Par les aspects qu'elle entendait secouer et encourager, la circulaire n°108 du ministère de l'Agriculture et du Développement rural, datant de février 2011, montre, en creux, certains handicaps qui ont obéré le développement de l'activité agricole dans notre pays. Il s'agit de l'élargissement de la base productive par de nouvelles concessions agricoles sur le domaine privé de l'Etat, de la création de nouvelles exploitations d'élevage et de la mise en valeur de propriétés privées restées en friche. Ces trois axes sont fortement soutenus par l'Etat sur le plan financier et du conseil technique.
Face à une "tradition" de soutiens dilués dans des circuits interlopes de corruption et de mauvais ciblage, ces nouvelles mesures n'ont pas brillé par des résultats extraordinaires.
Actuellement, d'immenses espoirs sont mis dans les nouveaux périmètres irrigués projetés en aval des grands barrages d'eau réalisés au cours de dix dernières années. C'est là une opportunité pour diversifier la production agricole et "corriger" quelque peu le régime alimentaire basé quasi exclusivement sur les céréales. Cependant, il importe de préparer le terrain dès maintenant, sur le plan de la formation technique (en irrigation/drainage, en maraîchage, arboriculture fruitière, pépinière,…) et de la formation managériale dans la conduite d'une exploitation agricole. De même, les bassins versants des barrages à exploiter sont souvent dénudés. Le risque d'envasement est bien réel. L'Etat devrait rechercher les meilleures solutions d'aménagement de ces bassins, à commencer par régler le problème de la nature juridique de ces vastes superficies qui s'étendent sur des dizaines de milliers de kilomètres carrés. Car, les expériences menées jusqu'ici en matière d'aménagement ont presque toutes échoué.
La diversification du régime alimentaire commande également la maîtrise de la filière de l'élevage. Ici, le constat le plus indulgent est que le territoire privilégié de l'élevage ovin, à savoir le couloir des Hauts Plateaux, appelé jadis "zone du mouton", a montré ses limites sur le plan de l'offre fourragère, éreinté par un surpâturage de l'élevage extensif.
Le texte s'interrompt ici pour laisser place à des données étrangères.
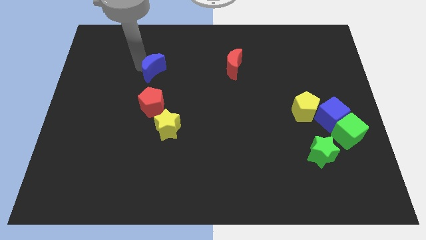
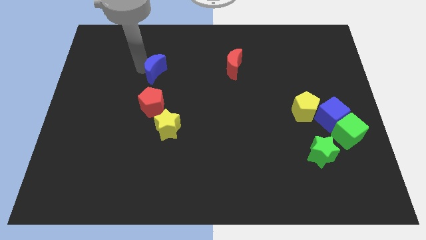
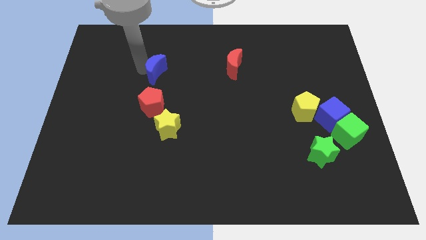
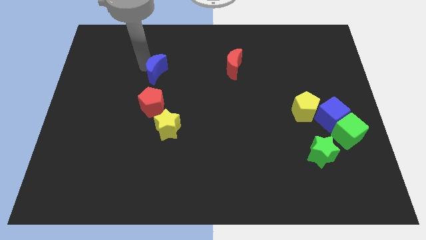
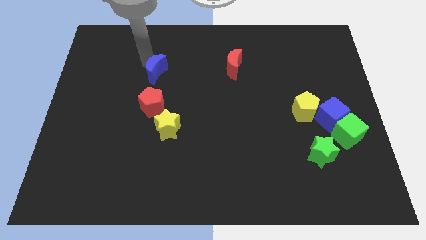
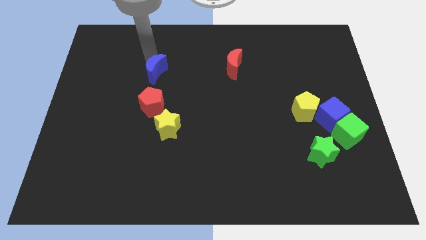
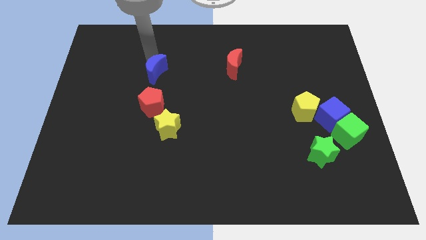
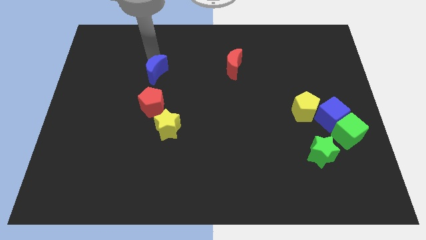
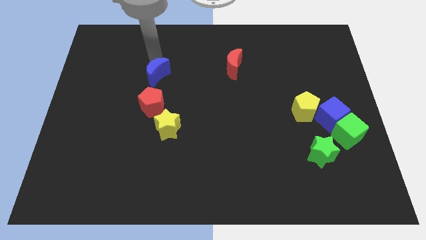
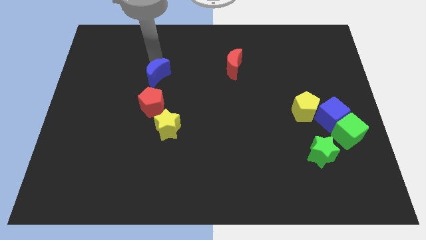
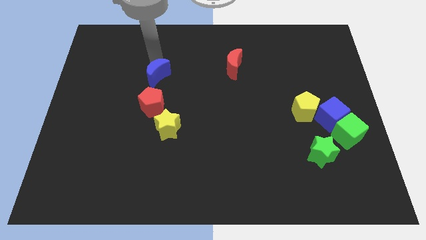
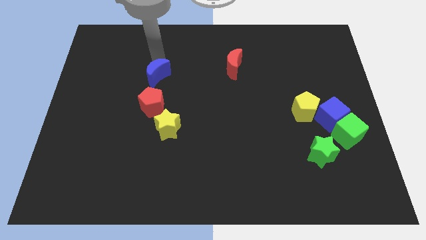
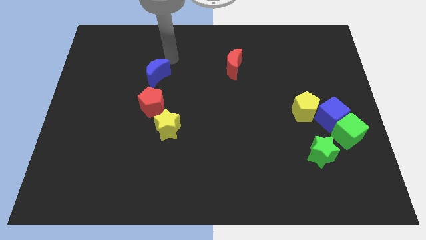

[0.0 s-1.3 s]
move the blue crescent close to the red pentagon

Au lieu d'une politique pastorale intelligente, avec tous ses attributs d'élevage intensif, de mobilisation de l'hydraulique pastorale et de création de prairies, on continue à entretenir un élevage artificiel, hors sol dans les périodes de disette, par la distribution de milliers de tonnes d'orge subventionnée, laquelle subvention entretient des réseaux de corruption, via des barons locaux alliés de la bureaucratie.
Avec un minimum de volonté et d'audace politiques et une vision intelligente sur les enjeux de l'heure, le prix de la sécurité alimentaire peut être moindre que toutes les dépenses consenties jusqu'à présent dans des soutiens hypothétiques aux différentes filières, interceptés par les réseaux de corruption, ou à des subventions inefficaces, car généralisées et uniformisées.